• _What to do_: An exact copy of the data is required; the images should not appear in it.

• _Material provided_:
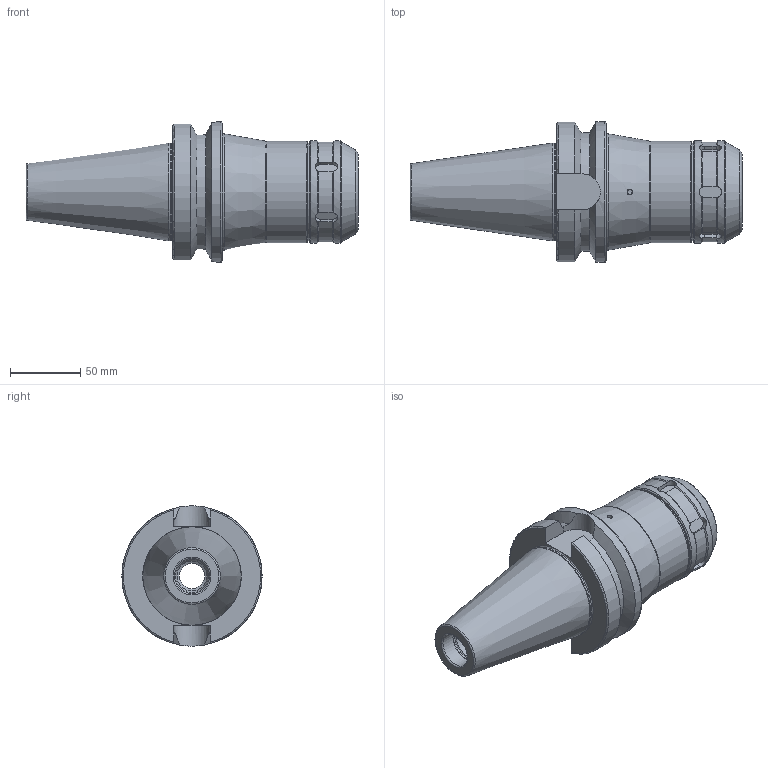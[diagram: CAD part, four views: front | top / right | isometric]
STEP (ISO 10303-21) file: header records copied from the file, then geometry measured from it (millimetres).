
FILE_DESCRIPTION((''),'2;1');
FILE_NAME('071000532135-3D.stp','2020-06-30T09:38:55',('nttooll'),(''),'Autodesk Inventor 2012','Autodesk Inventor 2012','');
FILE_SCHEMA(('AUTOMOTIVE_DESIGN { 1 0 10303 214 1 1 1 1 }'));
Length unit declared in the file: millimetre
Products named in the file (1): 071000532135-3D
Bounding box: 236.8 x 100 x 100 mm (x, y, z)
Volume: 759061.7 mm3; surface area: 86083.1 mm2
Topology: 1 solids, 1 shells, 115 faces, 289 edges, 185 vertices
Faces by surface type: cylinder 41, plane 35, cone 30, torus 9
Full cylindrical faces by diameter (mm): 3.4 x1, 4 x1, 18 x1, 21.3 x1, 24 x1, 25 x1, 25.4 x1, 32 x2, 32.5 x2, 68.9 x1, 69.4 x1, 72.5 x1, 73 x2, 100 x1
Entity records: 3586 total; most frequent: CARTESIAN_POINT 1058, DIRECTION 494, ORIENTED_EDGE 492, EDGE_CURVE 246, AXIS2_PLACEMENT_3D 212, VERTEX_POINT 180, EDGE_LOOP 166, FACE_OUTER_BOUND 115

• _Output below_:
[diagram: CAD part, four views: front | top / right | isometric]
STEP (ISO 10303-21) file: header records copied from the file, then geometry measured from it (millimetres).
FILE_DESCRIPTION((''),'2;1');
FILE_NAME('071000532135-3D.stp','2020-06-30T09:38:55',('nttooll'),(''),'Autodesk Inventor 2012','Autodesk Inventor 2012','');
FILE_SCHEMA(('AUTOMOTIVE_DESIGN { 1 0 10303 214 1 1 1 1 }'));
Length unit declared in the file: millimetre
Products named in the file (1): 071000532135-3D
Bounding box: 236.8 x 100 x 100 mm (x, y, z)
Volume: 759061.7 mm3; surface area: 86083.1 mm2
Topology: 1 solids, 1 shells, 115 faces, 289 edges, 185 vertices
Faces by surface type: cylinder 41, plane 35, cone 30, torus 9
Full cylindrical faces by diameter (mm): 3.4 x1, 4 x1, 18 x1, 21.3 x1, 24 x1, 25 x1, 25.4 x1, 32 x2, 32.5 x2, 68.9 x1, 69.4 x1, 72.5 x1, 73 x2, 100 x1
Entity records: 3586 total; most frequent: CARTESIAN_POINT 1058, DIRECTION 494, ORIENTED_EDGE 492, EDGE_CURVE 246, AXIS2_PLACEMENT_3D 212, VERTEX_POINT 180, EDGE_LOOP 166, FACE_OUTER_BOUND 115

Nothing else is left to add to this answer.